ABSTRACT: Circular foundations are mainly used in projects such as liquid storage tanks, bridge piers, and silos. One of the main challenges in designing circular foundations is to control the foundation settlement, uplift, and slide, especially when the foundation is resting on loose granular soils and subjected to seismic loads. One way to reduce the displacements is to use stone columns below the foundation. Therefore, the main objective of this study is to investigate the influence of stone columns on the seismic performance of circular foundations through a parametric numerical study and to provide insights regarding these parameters for real world engineering projects. Abaqus software is used to simulate the multilateral interactions between superstructure, foundation, natural stratum, and stone columns.
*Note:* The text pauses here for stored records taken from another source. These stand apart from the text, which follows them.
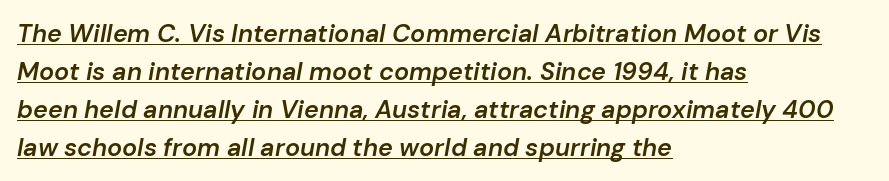
The image shows 25 px text type, italic (leaning right); set left-aligned, normal line spacing (1.52x), normal letter spacing, underlined.
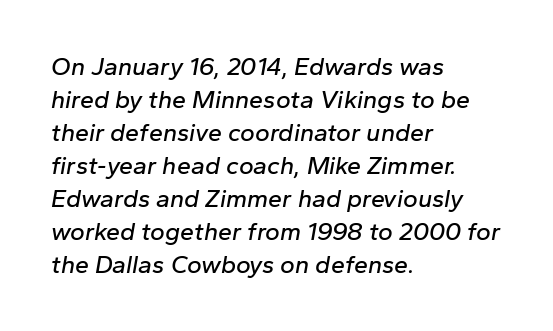
{"italic": "yes", "lean": "right", "slant_degrees": 10, "underline": "no", "align": "left", "line_spacing": "normal", "line_spacing_ratio": 1.32, "letter_spacing": "normal", "letter_spacing_em": 0.0, "glyph_px": 25}
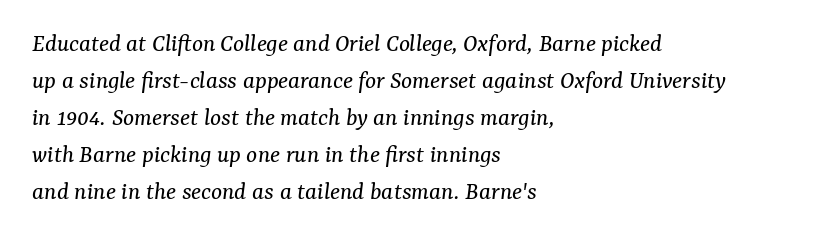
{"italic": "yes", "lean": "right", "slant_degrees": 7, "bold": "no", "underline": "no", "align": "left", "line_spacing": "normal", "line_spacing_ratio": 1.42, "letter_spacing": "normal", "letter_spacing_em": 0.0, "glyph_px": 26}
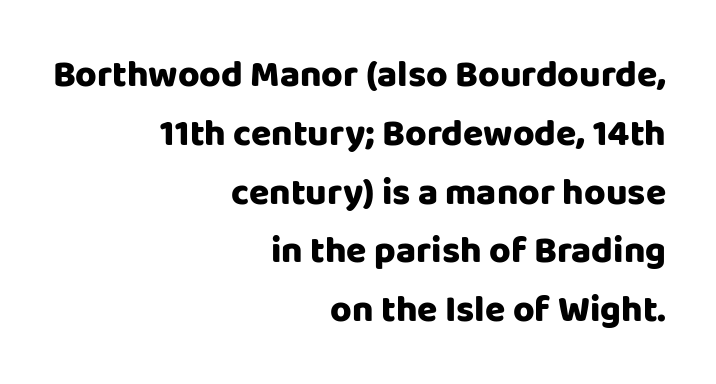
{"serif": "no", "italic": "no", "width": "normal", "stroke_contrast": "low", "x_height": "large", "monospaced": "no", "underline": "no", "align": "right", "line_spacing": "normal", "line_spacing_ratio": 1.59, "letter_spacing": "normal", "letter_spacing_em": 0.0, "glyph_px": 37}
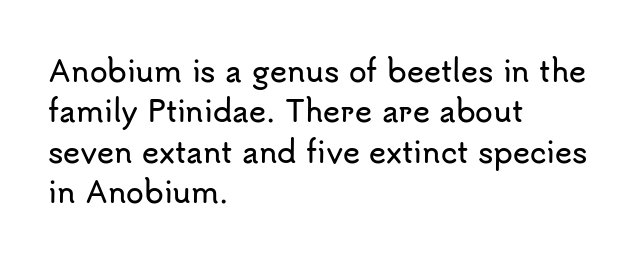
The image shows 29 px sans-serif type, upright; set left-aligned, normal line spacing (1.39x), normal letter spacing, not underlined; low stroke contrast and a small x-height.
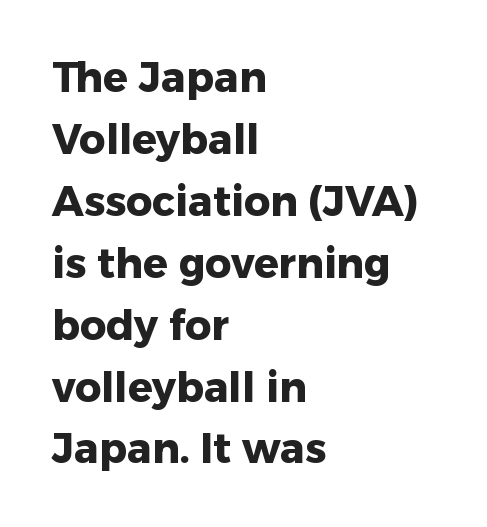
The image shows 41 px heavy sans-serif type, upright; set left-aligned, normal line spacing (1.51x), normal letter spacing, not underlined; low stroke contrast and a medium x-height.

The parameters considered in the analyses include the length, diameter, and center to center spacing of the stone columns. The role of these factors on foundation settlement, uplift, and slide under seismic loads is presented and discussed. The results reveal that increasing the length of the stone columns up to a threshold value can decrease the settlements, but only marginal influence can be observed beyond that value. More importantly, the stone column's diameter and spacing play a more critical role than its length in decreasing the displacement due to seismic loads. In addition, the parameters related to stone columns may not reduce settlement and uplift to the same extent.